May 26th, 2010

Thoughts on Seasoning

Super Sister-in-Law and Amazing Chef Sandy is back with her wisdom on the subject of seasoning today.

I always learn so much from her. Whether it’s the steak itself or the sides to that yummy steak dinner:  seasoning matters.

Class is in session . . .

Let’s face it; some meals are just better than others.  Why do some meals just resonate with us?  Sometimes it’s the company, or the setting.  But when we get to the brass tacks of the food on our plate, what makes one meal better than another?

Usually it is because of the quality of ingredients, and perfect seasoning.  The quality of the food we cook at home is dependent on using the best ingredients we can get our hands on.  Use great cuts of meat, and the best seasonal vegetables you can find.

When it comes to seasoning properly, one of the best tips I can give you is to taste what you are cooking, often.  I taste the water that I am going to cook pasta in.  Water salted for cooking any kind of carbohydrate (pasta, potatoes, vegetable) should taste slightly salty.  Not “Oh my god that’s salty” but just kind of a slight taste of the sea.  Properly seasoning the water that you cook in before you add the starch will mean using a lot less total salt in your cooking.  You may not have to add more salt after cooking and the food will taste like what it is – you want the potatoes to taste like potatoes, not salt and certainly not bland.

I taste raw asparagus before it goes on the grill.  If you are making a risotto, taste the stock and correct it for seasoning before you add the rice.  If you are making a pilaf, season the vegetables as you are sautéing them, then add perfectly seasoned stock.  Before you serve, taste the food again.  You may need to adjust the seasoning again.

For many vegetables and other starches, a little bit of acid (in the form of citrus juice – a squeeze of lemon juice, for example or a few drops of a great vinegar) added just before serving perks up the flavor in an indescribable way – it just makes the flavor fuller and brighter.  If you need a little more salt flavor, you may want to consider adding a little grated parmesan cheese or a little soy sauce to give that boost.  If you have added cheese to a dish, adding a few drops (really – less than a teaspoon) of balsamic vinegar will make the cheese taste cheesier.

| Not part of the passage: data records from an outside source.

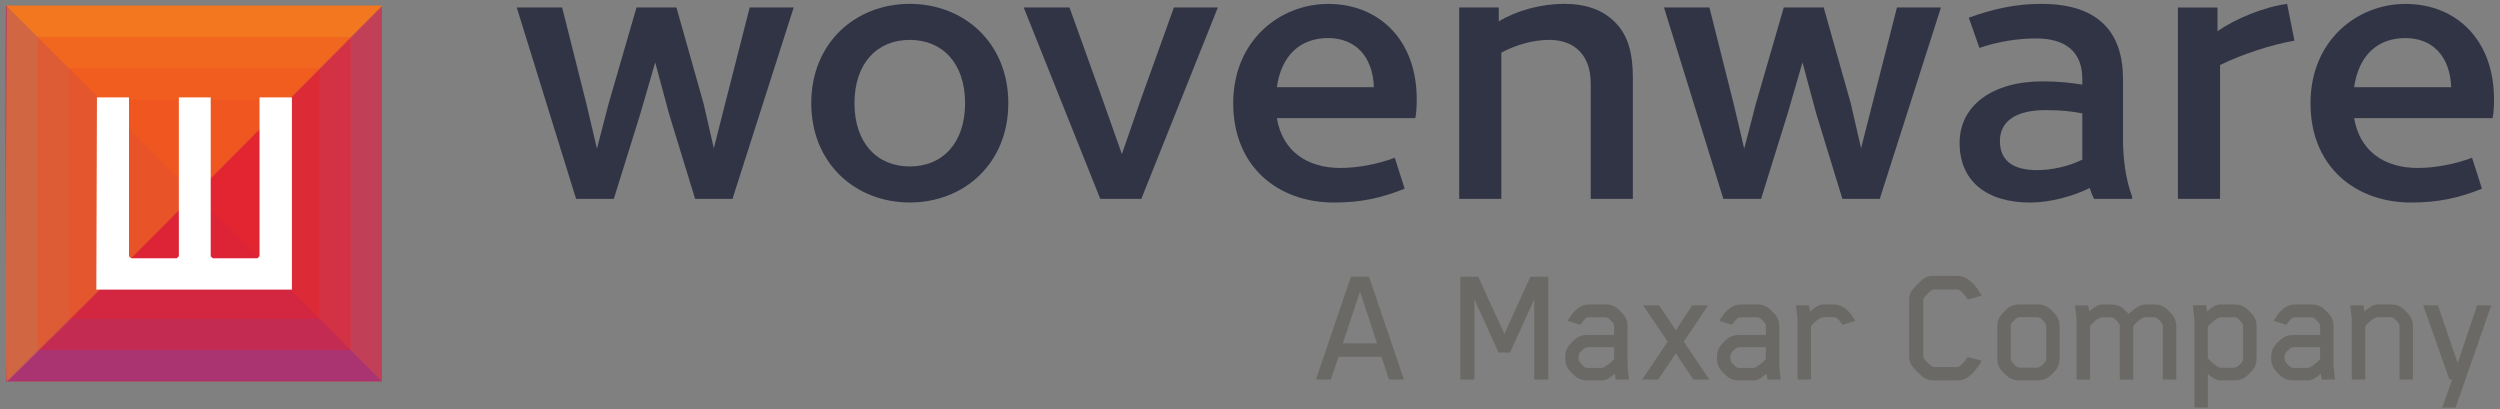 <svg xmlns:xlink="http://www.w3.org/1999/xlink" xmlns="http://www.w3.org/2000/svg" width="220" height="36" viewBox="0 0 220 36" fill="none">
<rect x="0" y="0" width="220" height="36" fill="#808080" stroke="none"/>
<path d="M33.616 0.492H0.543V33.565H33.616V0.492Z" fill="#F05822"/>
<path opacity="0.5" d="M33.616 0.492L0.543 33.565H33.616V0.492Z" fill="#92298D"/>
<path opacity="0.5" d="M0.544 0.492C0.392 0.542 0.544 33.565 0.544 33.565H33.617L0.544 0.492Z" fill="#92298D"/>
<path opacity="0.4" d="M30.863 30.808L30.863 3.247L3.302 3.247L3.302 30.808L30.863 30.808Z" fill="#EB2027"/>
<path opacity="0.4" d="M28.105 28.052L28.105 6.003L6.057 6.003L6.057 28.052L28.105 28.052Z" fill="#EB2027"/>
<path opacity="0.4" d="M25.35 25.296L25.35 8.759L8.813 8.759L8.813 25.296L25.35 25.296Z" fill="#EB2027"/>
<path opacity="0.3" d="M0.612 0.492C0.612 0.492 0.373 33.577 0.612 33.565C0.851 33.553 33.685 0.492 33.685 0.492H0.612Z" fill="#F8BE14"/>
<path d="M11.352 8.572V22.545L11.531 22.727H15.557L15.739 22.545V8.572H18.543V22.545L18.722 22.727H22.659L22.838 22.545V8.572H25.689V25.485H8.477L8.532 8.572H11.352Z" fill="white"/>
<path d="M69.844 0.659L64.46 17.499H61.171L58.883 10.039L57.659 5.494L56.339 10.039L54.017 17.499H50.696L45.473 0.659H49.469L51.596 9.111L52.531 13.08L53.562 9.111L56.013 0.659H59.527L61.913 9.111L62.816 13.048L63.815 9.111L65.974 0.659H69.844V0.659Z" fill="#303445"/>
<path d="M88.731 9.079C88.731 14.394 84.831 17.818 80.061 17.818C75.29 17.818 71.391 14.394 71.391 9.079C71.391 3.764 75.29 0.34 80.061 0.34C84.831 0.34 88.731 3.767 88.731 9.079ZM84.928 9.079C84.928 5.558 82.93 3.51 80.061 3.51C77.192 3.51 75.194 5.558 75.194 9.079C75.194 12.6 77.192 14.649 80.061 14.649C82.93 14.651 84.928 12.602 84.928 9.079Z" fill="#303445"/>
<path d="M94.116 0.659L97.017 8.728L98.726 13.562L100.403 8.728L103.303 0.659H107.171L100.435 17.499H96.824L90.088 0.659H94.116Z" fill="#303445"/>
<path d="M124.546 10.393H112.361C112.846 13.243 114.941 14.78 117.97 14.78C119.518 14.78 121.291 14.428 122.74 13.884L123.611 16.606C121.613 17.405 119.807 17.823 117.389 17.823C112.49 17.823 108.523 14.686 108.523 9.084C108.523 3.546 112.648 0.345 116.872 0.345C121.385 0.345 124.672 3.546 124.672 8.732C124.674 9.208 124.642 10.042 124.546 10.393ZM112.361 7.671H120.903C120.807 4.95 119.259 3.349 116.874 3.349C114.488 3.349 112.779 4.791 112.361 7.671Z" fill="#303445"/>
<path d="M143.691 6.84V17.501H139.984V7.352C139.984 4.823 138.532 3.51 136.341 3.51C134.988 3.51 133.504 3.893 132.117 4.63V17.499H128.41V0.659H131.892V1.877C133.504 0.916 135.599 0.34 137.662 0.34C139.595 0.34 141.047 0.884 142.11 1.941C143.273 3.094 143.691 4.695 143.691 6.84Z" fill="#303445"/>
<path d="M170.803 0.659L165.419 17.499H162.13L159.842 10.039L158.618 5.494L157.298 10.039L154.976 17.499H151.654L146.432 0.659H150.428L152.555 9.111L153.49 13.08L154.521 9.111L156.972 0.659H160.486L162.872 9.111L163.775 13.048L164.774 9.111L166.933 0.659H170.803V0.659Z" fill="#303445"/>
<path d="M187.629 17.308V17.501H184.276C184.115 17.182 183.987 16.861 183.89 16.541C182.439 17.279 180.376 17.823 178.667 17.823C174.767 17.823 172.445 15.903 172.445 12.572C172.445 9.307 175.314 7.161 179.731 7.161C181.182 7.161 182.246 7.29 183.245 7.448V6.968C183.245 4.568 181.793 3.383 179.184 3.383C177.604 3.383 175.895 3.638 174.189 4.215L173.254 1.557C175.445 0.758 177.478 0.34 179.572 0.34C182.377 0.34 184.021 1.045 185.149 2.134C186.309 3.287 186.825 4.952 186.825 6.968V12.251C186.823 13.914 187.048 15.772 187.629 17.308ZM179.248 14.97C180.537 14.97 182.053 14.651 183.245 14.043V9.977C182.213 9.784 181.407 9.69 179.988 9.69C177.344 9.69 175.992 10.714 175.992 12.412C175.992 14.139 177.154 14.97 179.248 14.97Z" fill="#303445"/>
<path d="M195.365 5.719V17.501H191.658V0.662H195.14V2.742C196.72 1.654 199.169 0.629 201.266 0.342L201.911 3.576C199.91 3.925 197.331 4.759 195.365 5.719Z" fill="#303445"/>
<path d="M219.346 10.393H207.162C207.647 13.243 209.741 14.78 212.771 14.78C214.319 14.78 216.092 14.428 217.541 13.884L218.412 16.606C216.413 17.405 214.608 17.823 212.19 17.823C207.291 17.823 203.324 14.686 203.324 9.084C203.324 3.546 207.449 0.345 211.673 0.345C216.186 0.345 219.473 3.546 219.473 8.732C219.475 9.208 219.443 10.042 219.346 10.393ZM207.162 7.671H215.704C215.607 4.95 214.059 3.349 211.675 3.349C209.291 3.349 207.58 4.791 207.162 7.671Z" fill="#303445"/>
<path d="M121.577 31.399H117.787L117.121 33.4H115.803L118.88 24.35H120.472L123.55 33.4H122.231L121.577 31.399ZM121.182 30.216L119.682 25.655L118.166 30.216H121.182Z" fill="#6B6965"/>
<path d="M136.251 24.35V33.4H135.008V26.351L132.886 31.02H131.871L129.748 26.337V33.4H128.506V24.35H130.081L132.385 29.383L134.675 24.35H136.251V24.35Z" fill="#6B6965"/>
<path d="M143.345 33.4H142.178L142.102 32.885C141.799 33.158 141.374 33.475 140.995 33.475H139.647C139.328 33.475 139.024 33.4 138.753 33.218C138.556 33.083 138.131 32.658 137.996 32.46C137.814 32.187 137.738 31.884 137.738 31.567V31.385C137.738 31.066 137.814 30.763 137.996 30.492C138.131 30.294 138.556 29.87 138.753 29.734C139.027 29.553 139.33 29.477 139.647 29.477H142.042V28.719C142.042 28.537 141.967 28.416 141.755 28.204C141.544 27.977 141.422 27.917 141.241 27.917H139.785C139.527 27.917 139.254 28.326 139.057 28.583L137.95 28.234C138.358 27.506 138.965 26.794 139.815 26.794H141.314C141.634 26.794 141.937 26.87 142.208 27.051C142.405 27.187 142.83 27.612 142.966 27.809C143.147 28.083 143.223 28.386 143.223 28.703V32.173L143.345 33.4ZM142.042 31.581V30.549H139.723C139.541 30.549 139.42 30.625 139.208 30.837C138.981 31.048 138.921 31.169 138.921 31.351V31.578C138.921 31.76 138.997 31.881 139.208 32.093C139.42 32.32 139.541 32.38 139.723 32.38H140.965C141.147 32.385 141.875 31.854 142.042 31.581Z" fill="#6B6965"/>
<path d="M149.015 33.4L147.47 31.096L145.924 33.4H144.514L146.758 30.065L144.589 26.868H146L147.47 29.066L148.91 26.868H150.32L148.168 30.065L150.426 33.4H149.015Z" fill="#6B6965"/>
<path d="M156.698 33.4H155.531L155.456 32.885C155.152 33.158 154.728 33.475 154.349 33.475H153C152.681 33.475 152.378 33.4 152.107 33.218C151.909 33.083 151.485 32.658 151.349 32.46C151.168 32.187 151.092 31.884 151.092 31.567V31.385C151.092 31.066 151.168 30.763 151.349 30.492C151.485 30.294 151.909 29.87 152.107 29.734C152.38 29.553 152.683 29.477 153 29.477H155.396V28.719C155.396 28.537 155.32 28.416 155.109 28.204C154.898 27.977 154.776 27.917 154.594 27.917H153.141C152.883 27.917 152.61 28.326 152.412 28.583L151.305 28.234C151.714 27.506 152.321 26.794 153.17 26.794H154.67C154.989 26.794 155.293 26.87 155.564 27.051C155.761 27.187 156.186 27.612 156.322 27.809C156.503 28.083 156.579 28.386 156.579 28.703V32.173L156.698 33.4ZM155.396 31.581V30.549H153.076C152.895 30.549 152.773 30.625 152.562 30.837C152.334 31.048 152.275 31.169 152.275 31.351V31.578C152.275 31.76 152.35 31.881 152.562 32.093C152.773 32.32 152.895 32.38 153.076 32.38H154.319C154.5 32.385 155.228 31.854 155.396 31.581Z" fill="#6B6965"/>
<path d="M158.184 28.08L158.049 26.868H159.186L159.291 27.414C159.549 27.187 160.003 26.792 160.428 26.792H161.398C162.247 26.792 162.884 27.534 163.262 28.232L162.155 28.581C161.928 28.278 161.685 27.915 161.414 27.915H160.474C160.111 27.915 159.519 28.462 159.367 28.719V33.402H158.184V28.08Z" fill="#6B6965"/>
<path d="M169.143 33.112C168.945 32.945 168.612 32.628 168.477 32.476C168.128 32.081 168.006 31.81 168.006 31.323V26.427C168.006 26.002 168.112 25.698 168.369 25.411C168.536 25.214 168.853 24.881 169.005 24.745C169.4 24.396 169.671 24.274 170.158 24.274H172.28C172.946 24.274 173.433 24.713 173.842 25.2C174.039 25.427 174.281 25.79 174.389 26.018L173.16 26.351C172.903 25.926 172.462 25.471 172.25 25.471H170.174C170.052 25.471 169.901 25.577 169.627 25.85C169.37 26.123 169.248 26.275 169.248 26.397V31.369C169.248 31.491 169.354 31.643 169.627 31.916C169.901 32.173 170.052 32.295 170.174 32.295H172.25C172.462 32.295 172.903 31.824 173.16 31.415L174.389 31.734C174.283 31.962 174.039 32.325 173.842 32.552C173.433 33.053 172.948 33.478 172.28 33.478H170.158C169.733 33.475 169.43 33.37 169.143 33.112Z" fill="#6B6965"/>
<path d="M176.777 33.218C176.579 33.083 176.154 32.658 176.019 32.46C175.838 32.187 175.762 31.884 175.762 31.567V28.703C175.762 28.384 175.838 28.08 176.019 27.809C176.154 27.612 176.579 27.187 176.777 27.051C177.05 26.87 177.353 26.794 177.67 26.794H179.338C179.657 26.794 179.96 26.87 180.231 27.051C180.429 27.187 180.854 27.612 180.989 27.809C181.171 28.083 181.246 28.386 181.246 28.703V31.567C181.246 31.886 181.171 32.189 180.989 32.46C180.854 32.658 180.429 33.083 180.231 33.218C179.958 33.4 179.655 33.475 179.338 33.475H177.67C177.353 33.475 177.05 33.4 176.777 33.218ZM177.232 32.065C177.443 32.293 177.565 32.352 177.746 32.352H179.262C179.443 32.352 179.565 32.277 179.776 32.065C180.004 31.854 180.064 31.732 180.064 31.551V28.717C180.064 28.535 179.988 28.413 179.776 28.202C179.565 27.975 179.443 27.915 179.262 27.915H177.746C177.565 27.915 177.443 27.991 177.232 28.202C177.004 28.413 176.945 28.535 176.945 28.717V31.551C176.945 31.732 177.02 31.854 177.232 32.065Z" fill="#6B6965"/>
<path d="M191.513 28.7V33.4H190.33V28.716C190.33 28.535 190.254 28.413 190.043 28.202C189.831 27.975 189.71 27.915 189.528 27.915H188.816C188.467 27.915 187.966 28.386 187.725 28.689V28.705V33.404H186.542V28.721C186.542 28.54 186.467 28.418 186.255 28.207C186.044 27.979 185.922 27.919 185.741 27.919H185.029C184.65 27.919 184.149 28.39 183.922 28.694V33.407H182.739V28.087L182.604 26.875H183.756L183.862 27.405C184.165 27.148 184.574 26.799 184.983 26.799H185.817C186.136 26.799 186.439 26.875 186.71 27.056C186.862 27.162 187.119 27.419 187.316 27.616C187.893 27.116 188.332 26.799 188.77 26.799H189.604C189.923 26.799 190.226 26.875 190.498 27.056C190.695 27.192 191.12 27.616 191.255 27.814C191.437 28.08 191.513 28.384 191.513 28.7Z" fill="#6B6965"/>
<path d="M193.104 28.094L192.969 26.865H194.135L194.227 27.412C194.576 27.093 194.969 26.79 195.38 26.79H196.669C196.988 26.79 197.291 26.865 197.562 27.047C197.76 27.182 198.185 27.607 198.32 27.805C198.502 28.078 198.577 28.381 198.577 28.698V31.562C198.577 31.881 198.502 32.185 198.32 32.456C198.185 32.653 197.76 33.078 197.562 33.214C197.289 33.395 196.986 33.471 196.669 33.471H195.38C194.985 33.471 194.593 33.184 194.289 32.894V35.864H193.107V28.094H193.104ZM196.591 32.355C196.772 32.355 196.894 32.279 197.105 32.068C197.333 31.856 197.392 31.735 197.392 31.553V28.719C197.392 28.537 197.317 28.416 197.105 28.204C196.894 27.977 196.772 27.917 196.591 27.917H195.424C195.137 27.917 194.469 28.478 194.287 28.767V31.496C194.498 31.815 195.181 32.359 195.408 32.359H196.591V32.355Z" fill="#6B6965"/>
<path d="M205.474 33.4H204.307L204.231 32.885C203.928 33.158 203.503 33.475 203.124 33.475H201.776C201.457 33.475 201.153 33.4 200.882 33.218C200.685 33.083 200.26 32.658 200.124 32.46C199.943 32.187 199.867 31.884 199.867 31.567V31.385C199.867 31.066 199.943 30.763 200.124 30.492C200.26 30.294 200.685 29.87 200.882 29.734C201.156 29.553 201.459 29.477 201.776 29.477H204.171V28.719C204.171 28.537 204.096 28.416 203.884 28.204C203.673 27.977 203.551 27.917 203.37 27.917H201.916C201.659 27.917 201.385 28.326 201.188 28.583L200.081 28.234C200.49 27.506 201.096 26.794 201.946 26.794H203.446C203.765 26.794 204.068 26.87 204.339 27.051C204.537 27.187 204.961 27.612 205.097 27.809C205.278 28.083 205.354 28.386 205.354 28.703V32.173L205.474 33.4ZM204.169 31.581V30.549H201.849C201.668 30.549 201.546 30.625 201.335 30.837C201.107 31.048 201.048 31.169 201.048 31.351V31.578C201.048 31.76 201.124 31.881 201.335 32.093C201.546 32.32 201.668 32.38 201.849 32.38H203.092C203.276 32.385 204.001 31.854 204.169 31.581Z" fill="#6B6965"/>
<path d="M212.339 28.701V33.4H211.156V28.717C211.156 28.535 211.08 28.413 210.869 28.202C210.658 27.975 210.536 27.915 210.355 27.915H209.248C208.899 27.915 208.354 28.446 208.141 28.719V33.402H206.958V28.083L206.822 26.87H207.975L208.081 27.401C208.354 27.173 208.809 26.794 209.202 26.794H210.43C210.75 26.794 211.053 26.87 211.324 27.051C211.521 27.187 211.946 27.612 212.082 27.809C212.263 28.08 212.339 28.384 212.339 28.701Z" fill="#6B6965"/>
<path d="M219.232 26.868L216.094 35.871H214.912L215.791 33.4H215.548L213.244 26.868H214.533L216.276 31.946L217.989 26.868H219.232Z" fill="#6B6965"/>
</svg>

When adding any kind of seasoning, add a little, taste and adjust.  We all know that it is impossible to take out seasoning when you have added way too much.  Pour salt onto the back of your hand or into a measuring spoon, not directly into a soup or stew from its container.  If you accidently dump too much you may be able to salvage your meal by quickly scooping up what you dumped in.  When you add vinegar or lemon juice, also add just a few drops at a time to enhance the flavor – no one wants their risotto to taste of balsamic vinegar.

If you have slightly over salted something like a stew or soup, one of my grandmother’s tricks was to add a few chunks of raw potatoes.  Let them cook for 20-30 minutes, and then either scoop them out or leave them in if you desire.  A few drops of acid will also help a slight over-salting.  You may be able to add more unseasoned liquid to take some of the over saltiness out.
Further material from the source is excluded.